-------- Input data

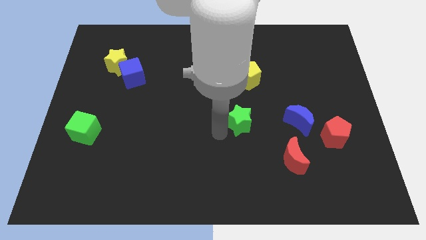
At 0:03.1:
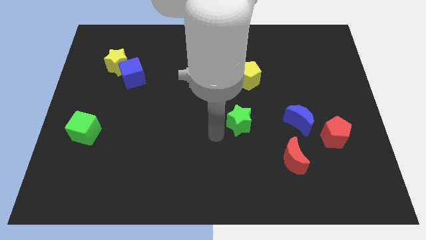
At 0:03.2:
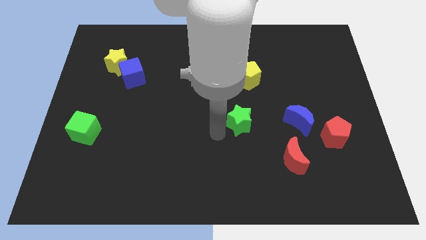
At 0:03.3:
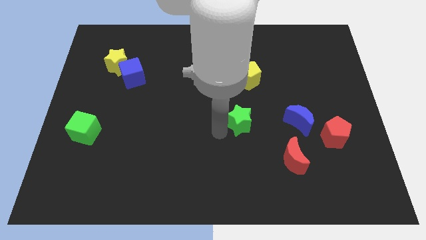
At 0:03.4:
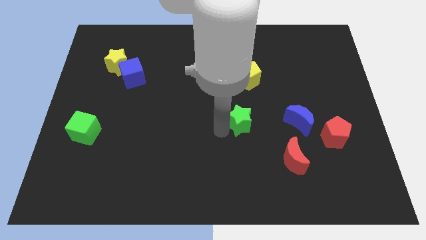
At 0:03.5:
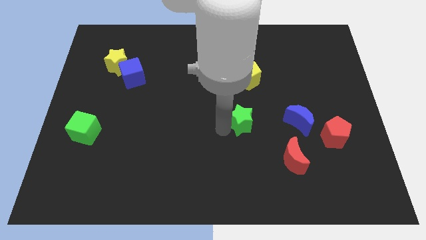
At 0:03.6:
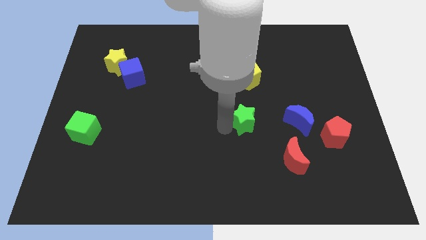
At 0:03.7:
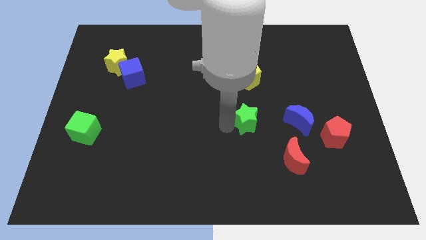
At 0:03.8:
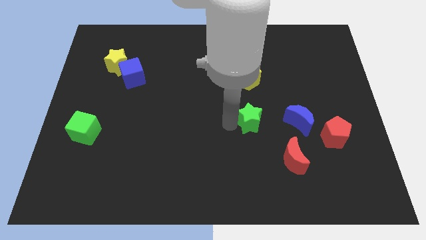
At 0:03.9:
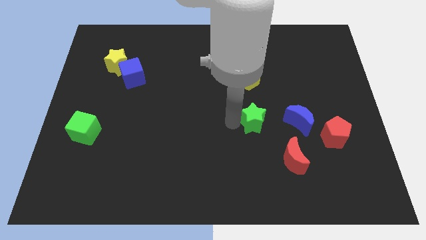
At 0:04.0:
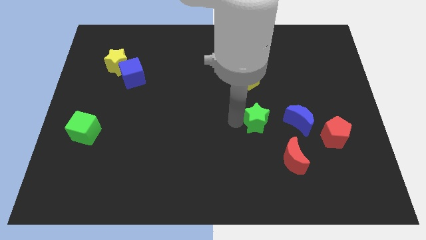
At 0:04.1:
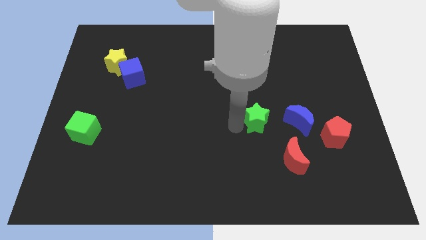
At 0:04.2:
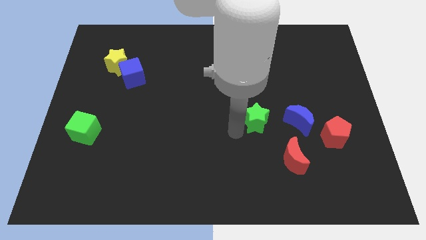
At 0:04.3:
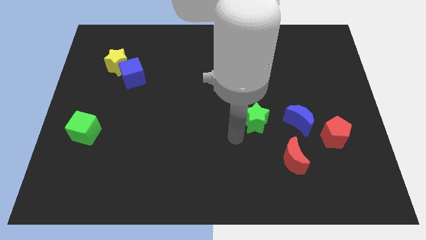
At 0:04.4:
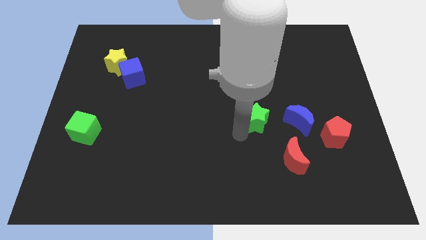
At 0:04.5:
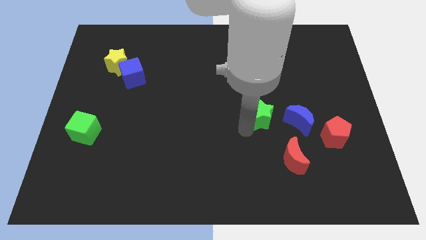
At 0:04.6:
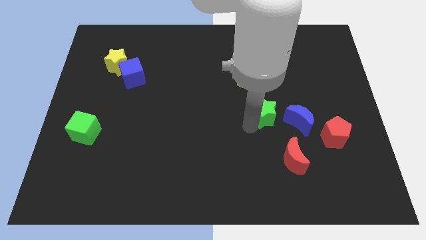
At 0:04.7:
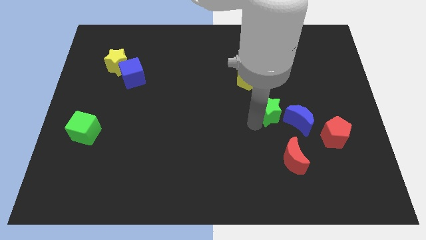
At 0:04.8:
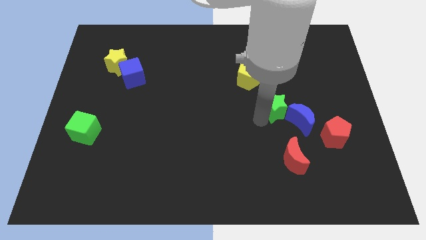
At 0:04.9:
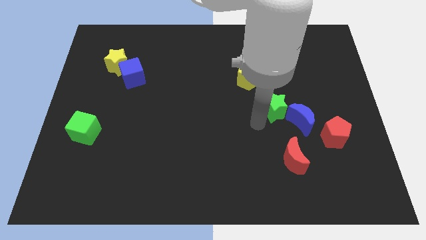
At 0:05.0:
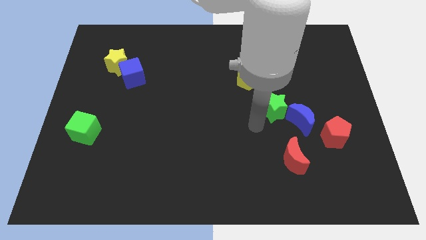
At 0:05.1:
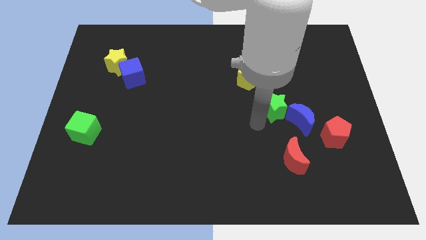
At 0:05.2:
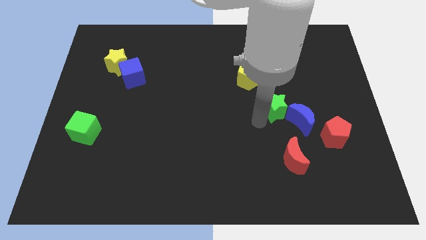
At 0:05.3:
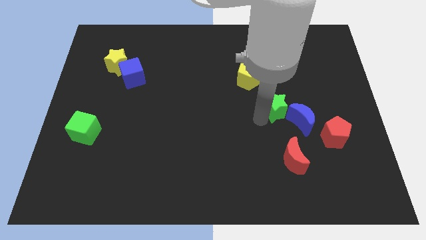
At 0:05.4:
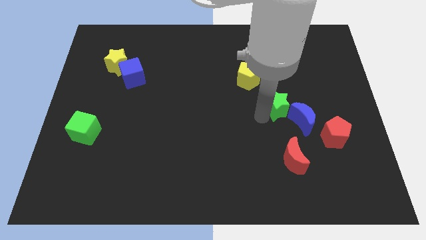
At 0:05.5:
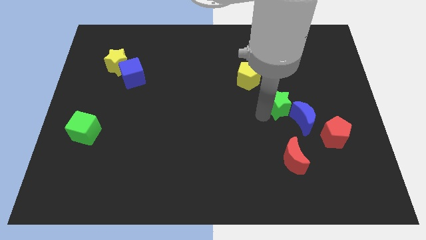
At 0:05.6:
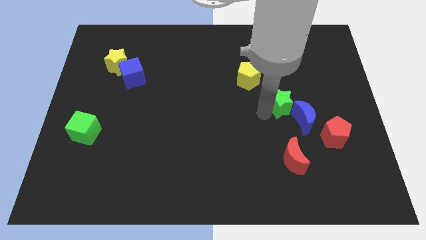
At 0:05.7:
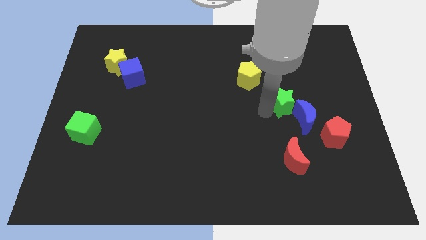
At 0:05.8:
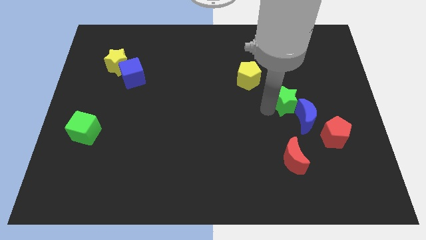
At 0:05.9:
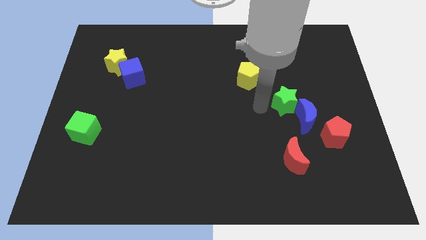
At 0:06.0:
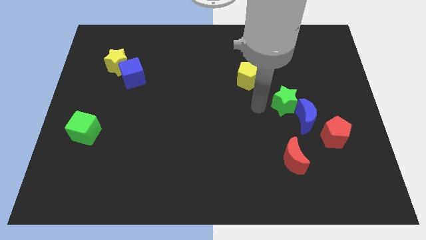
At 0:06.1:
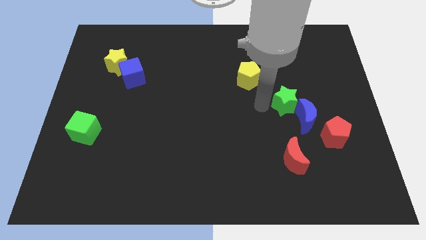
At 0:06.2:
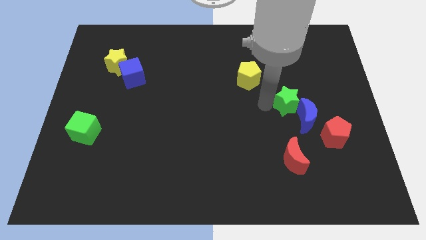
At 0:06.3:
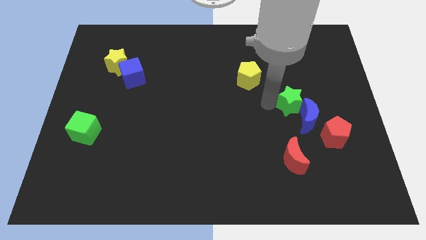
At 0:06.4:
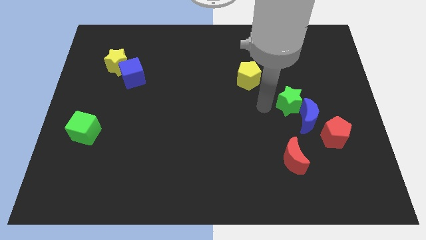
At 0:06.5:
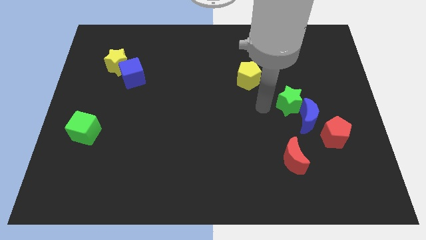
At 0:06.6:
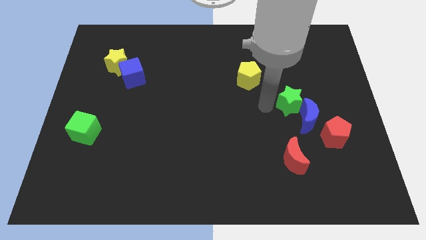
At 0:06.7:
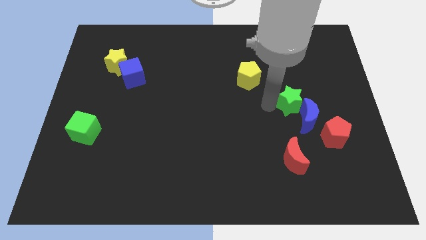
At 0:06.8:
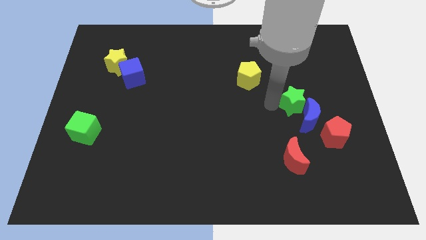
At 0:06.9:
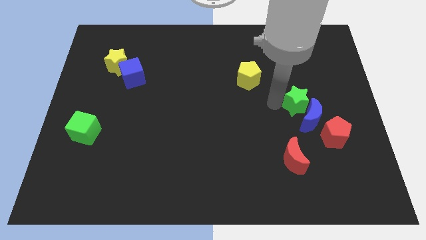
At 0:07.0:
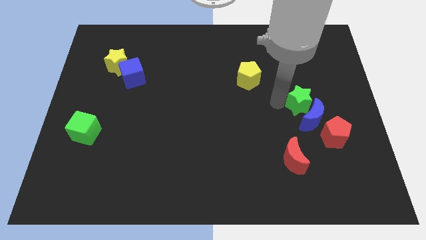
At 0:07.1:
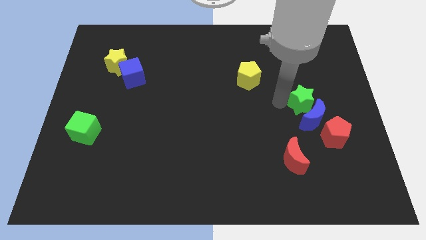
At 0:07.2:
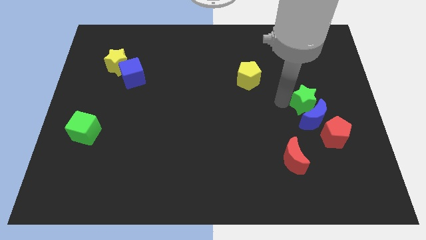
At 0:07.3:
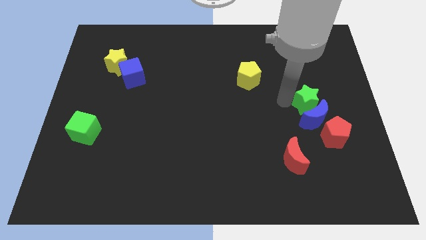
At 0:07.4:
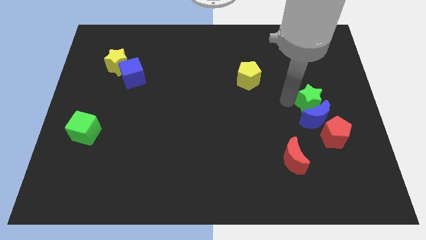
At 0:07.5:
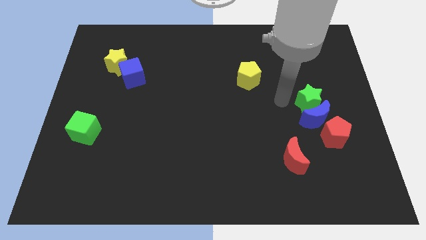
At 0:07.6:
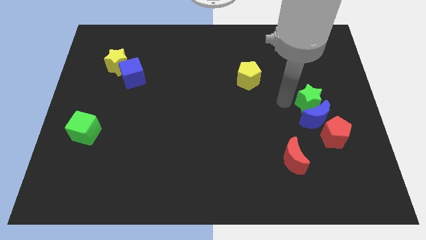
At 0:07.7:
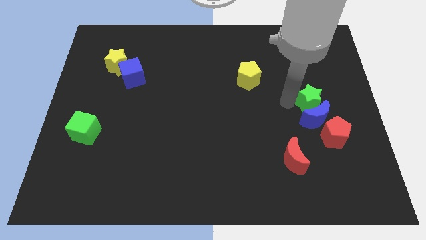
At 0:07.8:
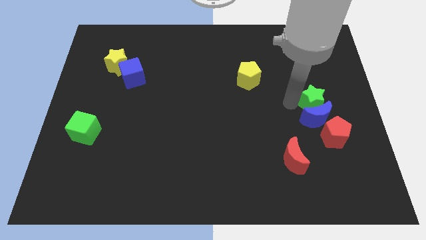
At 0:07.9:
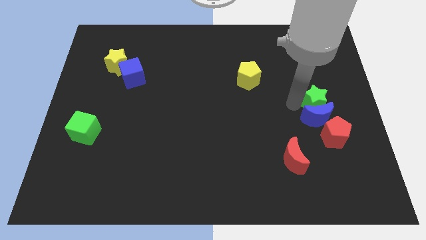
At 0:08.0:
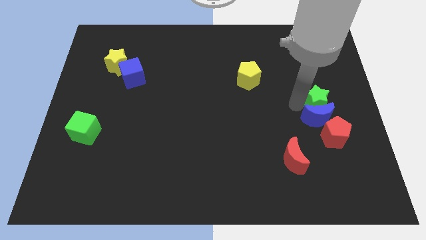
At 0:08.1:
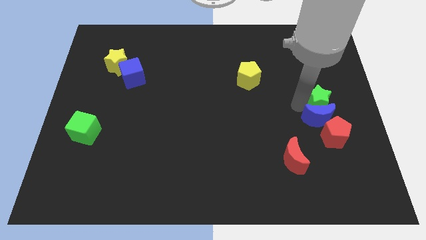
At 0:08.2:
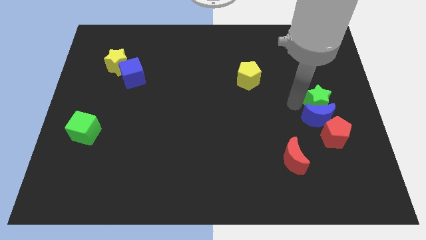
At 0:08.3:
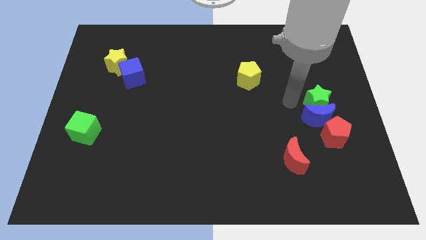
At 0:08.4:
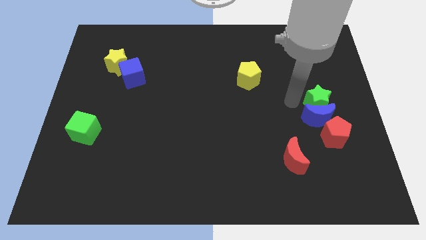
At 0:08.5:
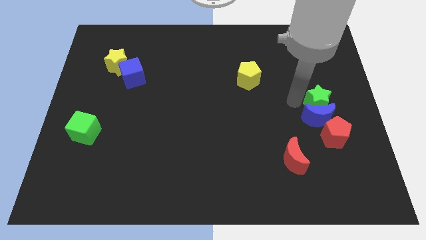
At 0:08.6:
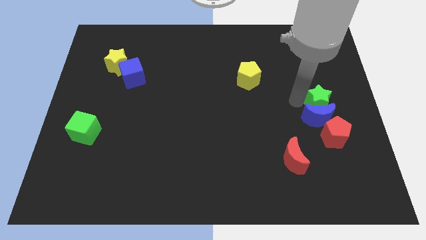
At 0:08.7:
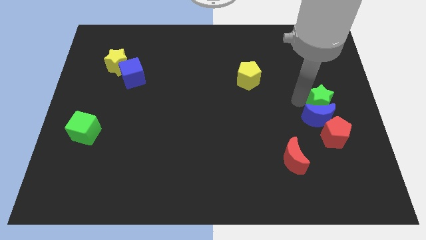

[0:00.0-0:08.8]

----------------

• **What you are asked to do**
All preceding records should be duplicated verbatim, images excepted.

• **Task solution**
At 0:03.1:
At 0:03.2:
At 0:03.3:
At 0:03.4:
At 0:03.5:
At 0:03.6:
At 0:03.7:
At 0:03.8:
At 0:03.9:
At 0:04.0:
At 0:04.1:
At 0:04.2:
At 0:04.3:
At 0:04.4:
At 0:04.5:
At 0:04.6:
At 0:04.7:
At 0:04.8:
At 0:04.9:
At 0:05.0:
At 0:05.1:
At 0:05.2:
At 0:05.3:
At 0:05.4:
At 0:05.5:
At 0:05.6:
At 0:05.7:
At 0:05.8:
At 0:05.9:
At 0:06.0:
At 0:06.1:
At 0:06.2:
At 0:06.3:
At 0:06.4:
At 0:06.5:
At 0:06.6:
At 0:06.7:
At 0:06.8:
At 0:06.9:
At 0:07.0:
At 0:07.1:
At 0:07.2:
At 0:07.3:
At 0:07.4:
At 0:07.5:
At 0:07.6:
At 0:07.7:
At 0:07.8:
At 0:07.9:
At 0:08.0:
At 0:08.1:
At 0:08.2:
At 0:08.3:
At 0:08.4:
At 0:08.5:
At 0:08.6:
At 0:08.7:

[0:00.0-0:08.8]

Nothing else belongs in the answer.